Earlier relapse detection after allogeneic haematopoietic stem cell transplantation by chimerism assays: Digital PCR versus quantitative real-time PCR of insertion/deletion polymorphisms.

机构信息

Instituto de Medicina Genómica (imegen), Paterna, Valencia, Spain.

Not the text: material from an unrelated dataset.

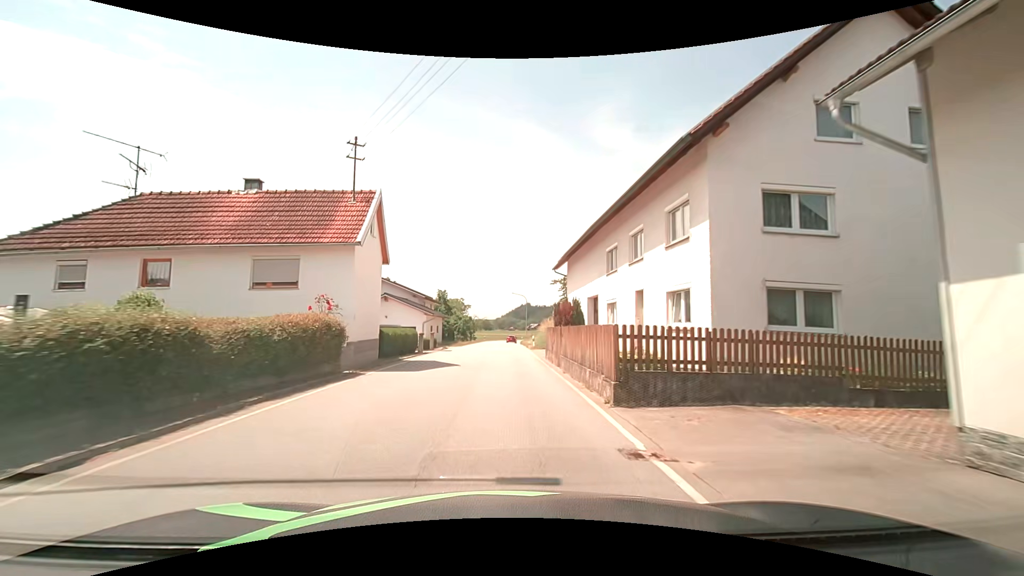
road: secondary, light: Day
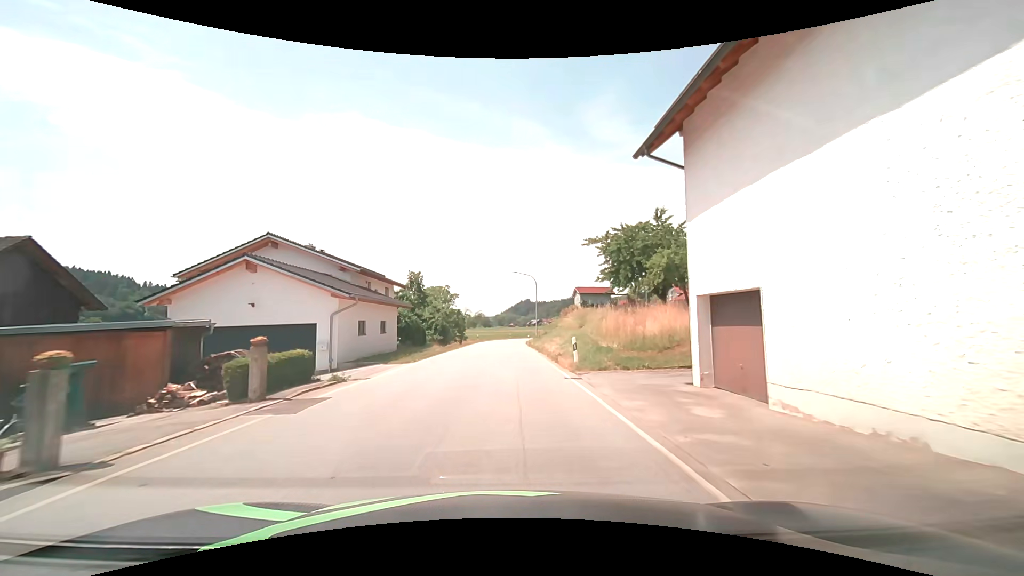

Haematology Department, Hospital Regional Universitario de Málaga, Instituto de Investigación Biomédica de Málaga (IBIMA), Málaga, Spain.

出版信息

PLoS One. 2019 Feb 22;14(2):e0212708. doi: 10.1371/journal.pone.0212708. eCollection 2019.

Abstract

BACKGROUND

The analysis of molecular haematopoietic chimerisms (HC) has become a well-established method to monitor the transplant evolution and to assess the risk of relapse after allogeneic stem cells transplantation (allo-STC). Different techniques and molecular markers are being used for chimerism surveillance after transplantation, including quantitative real-time PCR (qPCR) and the recently developed digital PCR (dPCR). This study aims to compare the sensitivity and accuracy of both methods to quantify HC and predict early relapse.

METHODOLOGY

HC was evaluated using custom PCR systems for the specific detection of the Y-chromosome, null alleles and insertion-deletion polymorphisms. A total of 281 samples from 28 adult patients who underwent an allo-SCT were studied. Increasing mixed chimerism was detected prior to relapse in 100% of patients (18 relapses).

RESULTS

Compared with conventional qPCR amplification, dPCR predicted relapse with a median anticipation period of 63 days versus 45.5 days by qPCR. Overall, 56% of the relapses were predicted earlier with dPCR whereas 38% of the relapses where detected simultaneously using both techniques and only in 1 case, relapse was predicted earlier with qPCR.

CONCLUSIONS

In conclusion, chimerism determination by dPCR constitutes a suitable technique for the follow-up of patients with haematological pathologies after allo-STC, showing greater sensitivity to predict an early relapse.

摘要

背景

分子血液学嵌合体(HC)分析已成为监测移植演变和评估异基因干细胞移植(allo-STC)后复发风险的成熟方法。在移植后,有多种技术和分子标记物用于嵌合体监测,包括实时定量 PCR(qPCR)和最近开发的数字 PCR(dPCR)。本研究旨在比较这两种方法在定量 HC 和预测早期复发方面的灵敏度和准确性。

方法

使用针对 Y 染色体、无效等位基因和插入缺失多态性的定制 PCR 系统评估 HC。研究了 28 名接受 allo-SCT 的成年患者的 281 个样本。在 100%的患者(18 例复发)中,在复发前检测到了逐渐增加的混合嵌合体。与传统的 qPCR 扩增相比,dPCR 预测复发的中位提前期为 63 天,而 qPCR 为 45.5 天。总体而言,dPCR 提前预测了 56%的复发,而 38%的复发同时通过两种技术检测到,只有在 1 例中,qPCR 提前预测了复发。

结论

总之,dPCR 确定嵌合体构成了异基因造血系统后血液病理学患者随访的合适技术,对预测早期复发具有更高的灵敏度。